*LISTED ENTRIES*:
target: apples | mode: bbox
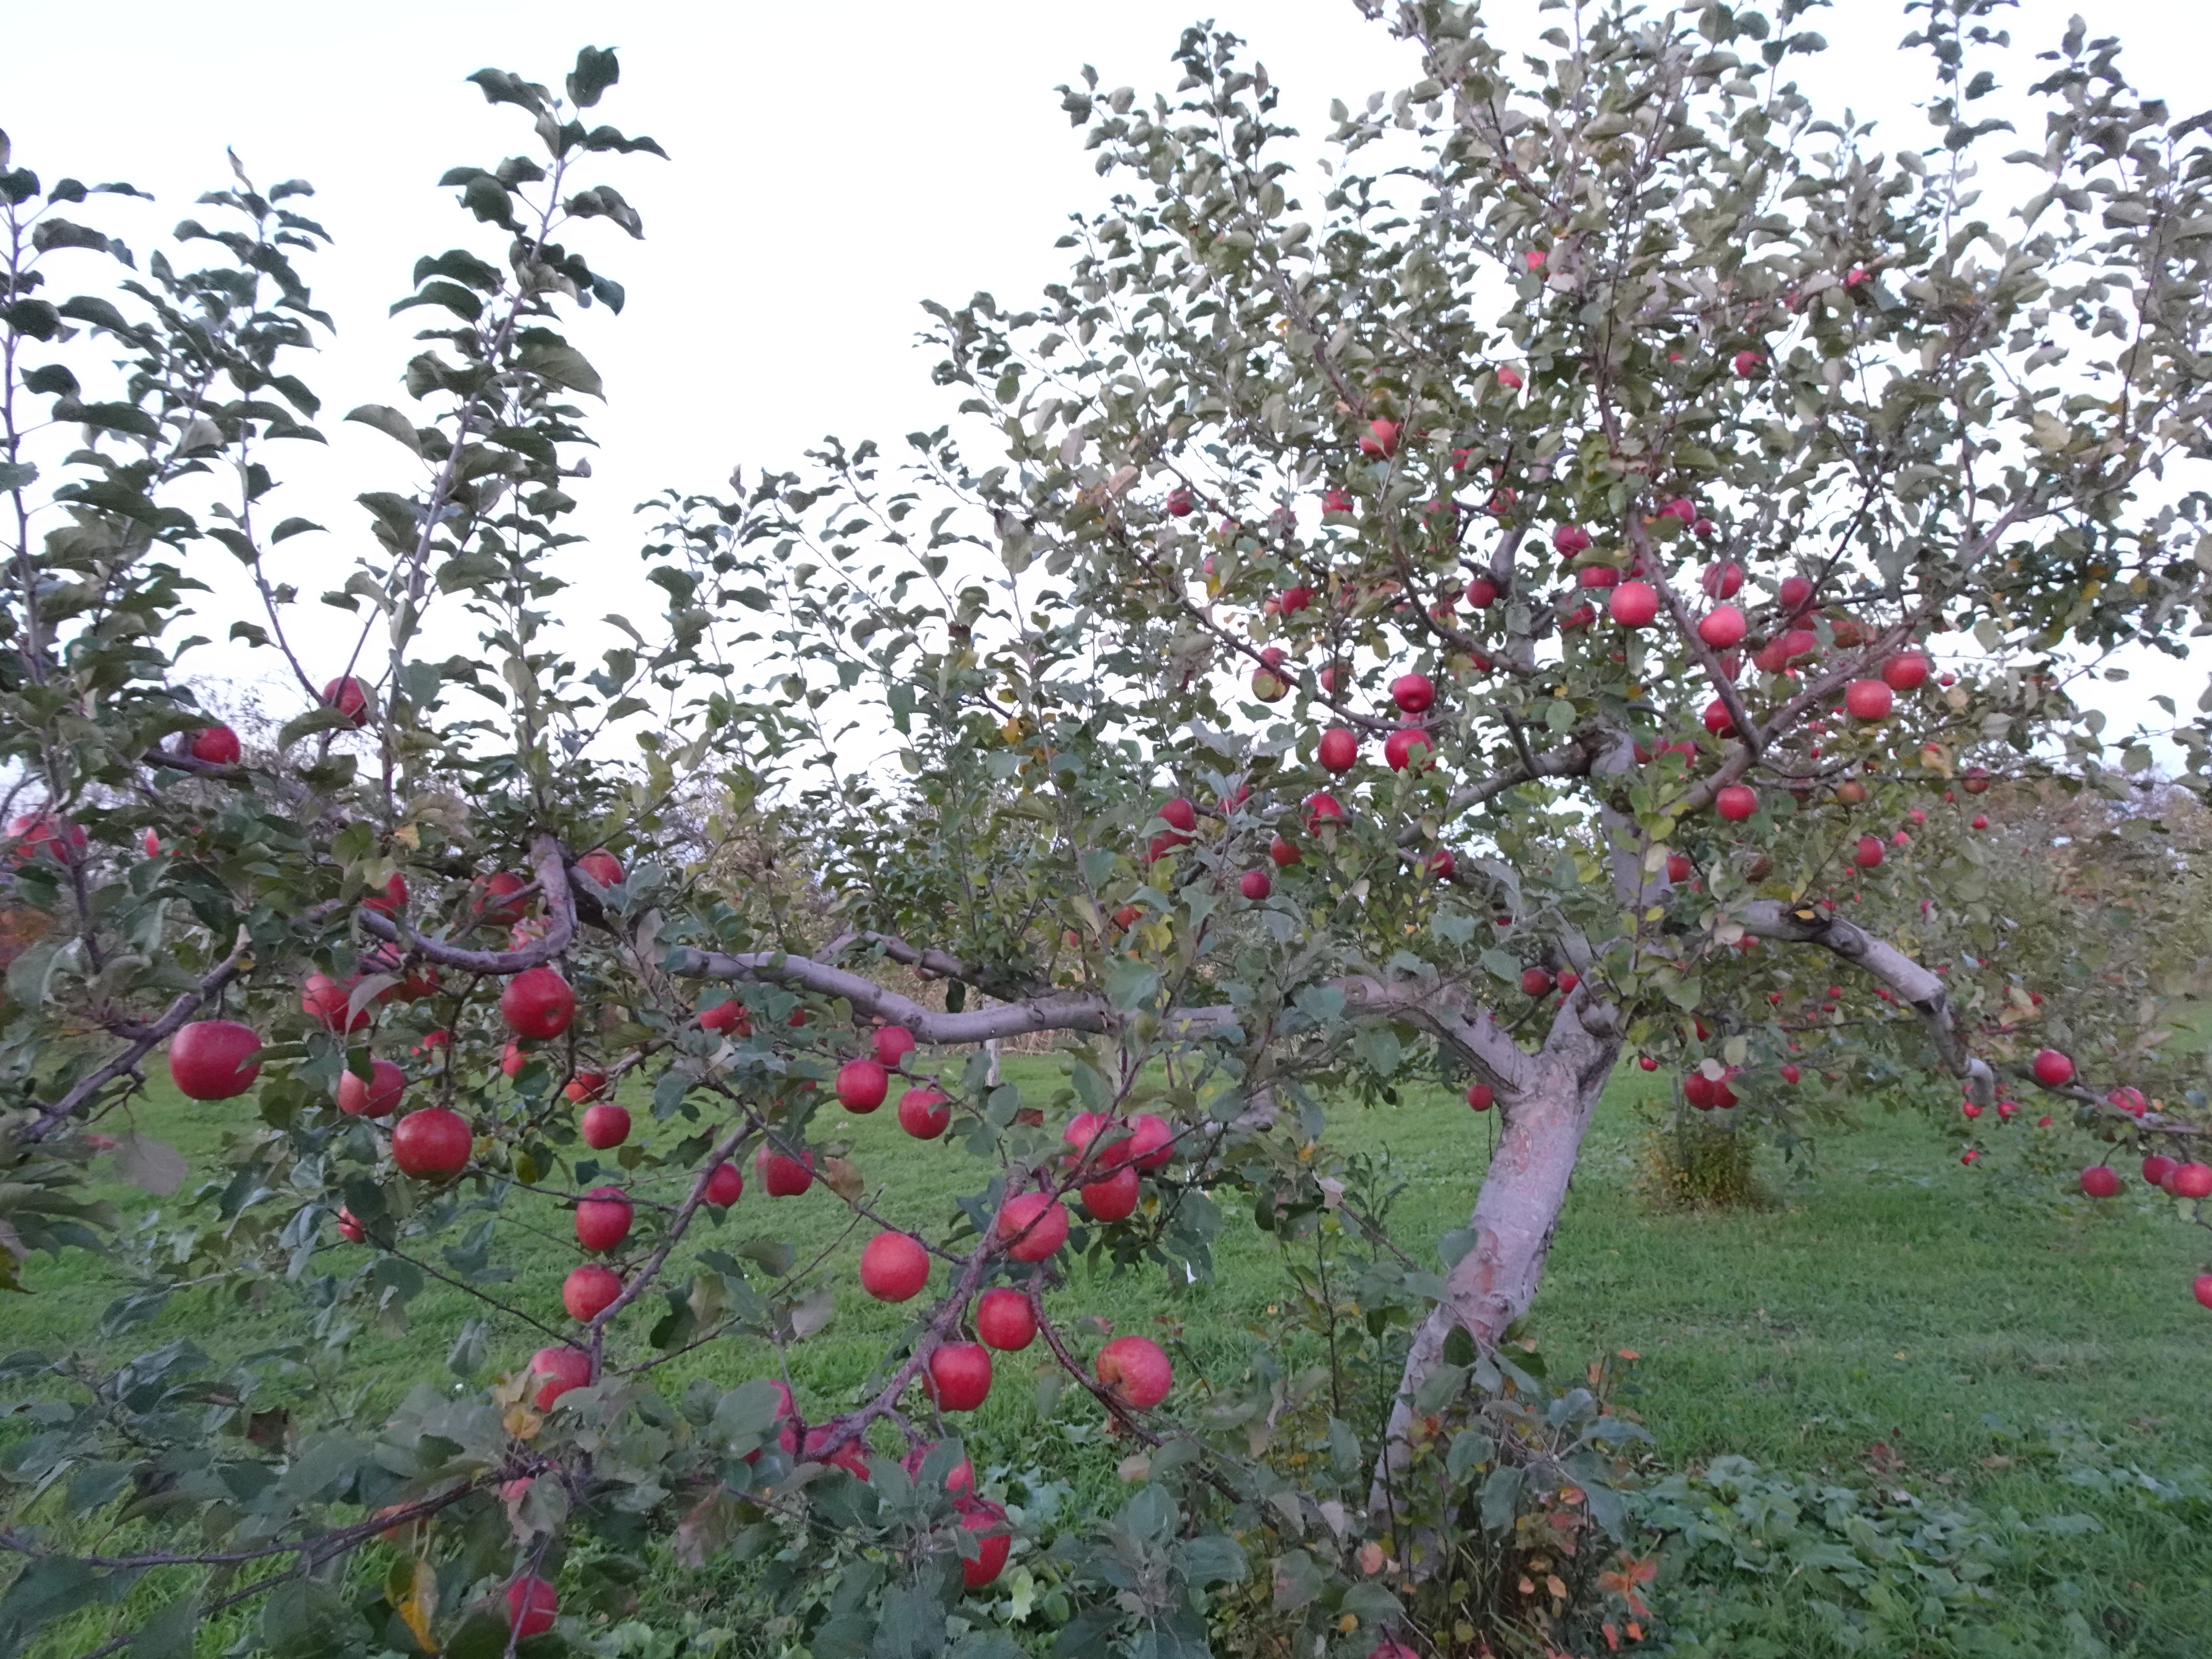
[1270,835,1303,867]
[1666,855,1690,883]
[1836,782,1865,806]
[1621,555,1645,583]
[836,1060,888,1114]
[787,1008,805,1027]
[363,872,410,922]
[1941,672,1956,686]
[2107,1086,2144,1118]
[1395,604,1412,613]
[1281,586,1317,616]
[1783,630,1817,665]
[1723,1063,1742,1076]
[700,1000,740,1036]
[1126,1114,1174,1169]
[1784,292,1807,314]
[302,974,371,1034]
[1714,1075,1739,1109]
[959,1499,1011,1588]
[1359,419,1397,460]
[1218,786,1249,813]
[1633,736,1661,764]
[1556,995,1566,1006]
[1338,585,1356,609]
[1489,487,1517,513]
[338,1205,367,1244]
[578,848,624,889]
[1492,460,1516,480]
[1204,554,1215,574]
[1389,421,1403,434]
[1416,429,1428,436]
[1468,1083,1493,1111]
[169,1020,262,1100]
[2142,1155,2178,1185]
[1240,870,1270,900]
[1454,673,1458,681]
[1784,668,1797,680]
[392,1108,473,1181]
[1720,655,1741,682]
[508,919,552,951]
[582,1105,631,1149]
[1659,507,1677,518]
[701,1162,743,1208]
[1924,742,1939,753]
[1678,1018,1710,1041]
[565,1072,606,1104]
[412,1029,449,1063]
[1668,352,1683,362]
[977,1287,1038,1351]
[500,967,575,1041]
[1962,766,1989,794]
[1470,654,1490,673]
[1612,651,1625,662]
[1824,652,1848,667]
[736,1005,752,1039]
[323,676,368,728]
[1662,737,1694,769]
[2081,1166,2118,1198]
[1684,1073,1715,1103]
[1864,627,1877,648]
[1556,969,1580,994]
[860,1231,929,1302]
[1424,850,1454,877]
[1080,1166,1139,1222]
[1428,601,1455,620]
[1220,520,1232,537]
[1384,579,1401,592]
[575,1186,634,1251]
[1318,728,1358,773]
[2034,1049,2072,1085]
[377,942,441,996]
[1698,605,1746,649]
[1788,778,1816,803]
[1466,579,1498,608]
[1746,311,1763,333]
[1752,636,1789,674]
[1487,1014,1496,1021]
[503,1476,535,1500]
[2161,1170,2179,1196]
[1063,1111,1131,1184]
[1735,350,1766,377]
[1609,581,1658,629]
[1689,1097,1717,1112]
[998,1193,1069,1262]
[1321,667,1345,693]
[2173,1163,2212,1198]
[1703,561,1742,599]
[1113,905,1143,930]
[1400,711,1424,722]
[1429,547,1439,552]
[1522,969,1550,997]
[1694,519,1712,537]
[190,726,240,764]
[1423,499,1459,530]
[1882,651,1927,691]
[1561,599,1595,631]
[1272,508,1296,539]
[922,1341,992,1412]
[1251,667,1290,703]
[1555,525,1590,559]
[1096,1336,1171,1411]
[820,1421,882,1481]
[1780,576,1815,614]
[1167,488,1195,517]
[1443,591,1463,603]
[1496,915,1513,925]
[899,1442,974,1515]
[1525,251,1551,283]
[1162,819,1197,847]
[1705,698,1744,739]
[756,1144,772,1174]
[1717,784,1757,821]
[472,873,528,925]
[1830,619,1865,649]
[1384,729,1435,780]
[1392,673,1433,714]
[529,1345,593,1414]
[1753,299,1759,306]
[1301,793,1343,838]
[1260,647,1282,668]
[1791,609,1823,631]
[506,1576,557,1639]
[1158,798,1194,831]
[1445,535,1457,545]
[2193,1274,2212,1310]
[6,812,86,869]
[1670,499,1696,524]
[0,187,7,208]
[1846,679,1891,721]
[767,1150,813,1196]
[503,1035,533,1079]
[1844,270,1872,289]
[1143,838,1168,862]
[1322,488,1353,514]
[1497,367,1522,391]
[1068,932,1077,948]
[338,1060,404,1119]
[774,1081,816,1105]
[870,1026,915,1074]
[1263,596,1282,617]
[1852,836,1884,867]
[1690,877,1703,894]
[1452,447,1475,474]
[1369,1643,1418,1659]
[562,1263,622,1323]
[742,1380,832,1467]
[1580,566,1619,588]
[145,826,201,857]
[357,956,394,1005]
[899,1087,950,1139]

*WHAT YOU WILL DO*:
Once the images are dropped, set down the remaining material word for word.

*RESULT OF THIS TASK*:
target: apples | mode: bbox
[1270,835,1303,867]
[1666,855,1690,883]
[1836,782,1865,806]
[1621,555,1645,583]
[836,1060,888,1114]
[787,1008,805,1027]
[363,872,410,922]
[1941,672,1956,686]
[2107,1086,2144,1118]
[1395,604,1412,613]
[1281,586,1317,616]
[1783,630,1817,665]
[1723,1063,1742,1076]
[700,1000,740,1036]
[1126,1114,1174,1169]
[1784,292,1807,314]
[302,974,371,1034]
[1714,1075,1739,1109]
[959,1499,1011,1588]
[1359,419,1397,460]
[1218,786,1249,813]
[1633,736,1661,764]
[1556,995,1566,1006]
[1338,585,1356,609]
[1489,487,1517,513]
[338,1205,367,1244]
[578,848,624,889]
[1492,460,1516,480]
[1204,554,1215,574]
[1389,421,1403,434]
[1416,429,1428,436]
[1468,1083,1493,1111]
[169,1020,262,1100]
[2142,1155,2178,1185]
[1240,870,1270,900]
[1454,673,1458,681]
[1784,668,1797,680]
[392,1108,473,1181]
[1720,655,1741,682]
[508,919,552,951]
[582,1105,631,1149]
[1659,507,1677,518]
[701,1162,743,1208]
[1924,742,1939,753]
[1678,1018,1710,1041]
[565,1072,606,1104]
[412,1029,449,1063]
[1668,352,1683,362]
[977,1287,1038,1351]
[500,967,575,1041]
[1962,766,1989,794]
[1470,654,1490,673]
[1612,651,1625,662]
[1824,652,1848,667]
[736,1005,752,1039]
[323,676,368,728]
[1662,737,1694,769]
[2081,1166,2118,1198]
[1684,1073,1715,1103]
[1864,627,1877,648]
[1556,969,1580,994]
[860,1231,929,1302]
[1424,850,1454,877]
[1080,1166,1139,1222]
[1428,601,1455,620]
[1220,520,1232,537]
[1384,579,1401,592]
[575,1186,634,1251]
[1318,728,1358,773]
[2034,1049,2072,1085]
[377,942,441,996]
[1698,605,1746,649]
[1788,778,1816,803]
[1466,579,1498,608]
[1746,311,1763,333]
[1752,636,1789,674]
[1487,1014,1496,1021]
[503,1476,535,1500]
[2161,1170,2179,1196]
[1063,1111,1131,1184]
[1735,350,1766,377]
[1609,581,1658,629]
[1689,1097,1717,1112]
[998,1193,1069,1262]
[1321,667,1345,693]
[2173,1163,2212,1198]
[1703,561,1742,599]
[1113,905,1143,930]
[1400,711,1424,722]
[1429,547,1439,552]
[1522,969,1550,997]
[1694,519,1712,537]
[190,726,240,764]
[1423,499,1459,530]
[1882,651,1927,691]
[1561,599,1595,631]
[1272,508,1296,539]
[922,1341,992,1412]
[1251,667,1290,703]
[1555,525,1590,559]
[1096,1336,1171,1411]
[820,1421,882,1481]
[1780,576,1815,614]
[1167,488,1195,517]
[1443,591,1463,603]
[1496,915,1513,925]
[899,1442,974,1515]
[1525,251,1551,283]
[1162,819,1197,847]
[1705,698,1744,739]
[756,1144,772,1174]
[1717,784,1757,821]
[472,873,528,925]
[1830,619,1865,649]
[1384,729,1435,780]
[1392,673,1433,714]
[529,1345,593,1414]
[1753,299,1759,306]
[1301,793,1343,838]
[1260,647,1282,668]
[1791,609,1823,631]
[506,1576,557,1639]
[1158,798,1194,831]
[1445,535,1457,545]
[2193,1274,2212,1310]
[6,812,86,869]
[1670,499,1696,524]
[0,187,7,208]
[1846,679,1891,721]
[767,1150,813,1196]
[503,1035,533,1079]
[1844,270,1872,289]
[1143,838,1168,862]
[1322,488,1353,514]
[1497,367,1522,391]
[1068,932,1077,948]
[338,1060,404,1119]
[774,1081,816,1105]
[870,1026,915,1074]
[1263,596,1282,617]
[1852,836,1884,867]
[1690,877,1703,894]
[1452,447,1475,474]
[1369,1643,1418,1659]
[562,1263,622,1323]
[742,1380,832,1467]
[1580,566,1619,588]
[145,826,201,857]
[357,956,394,1005]
[899,1087,950,1139]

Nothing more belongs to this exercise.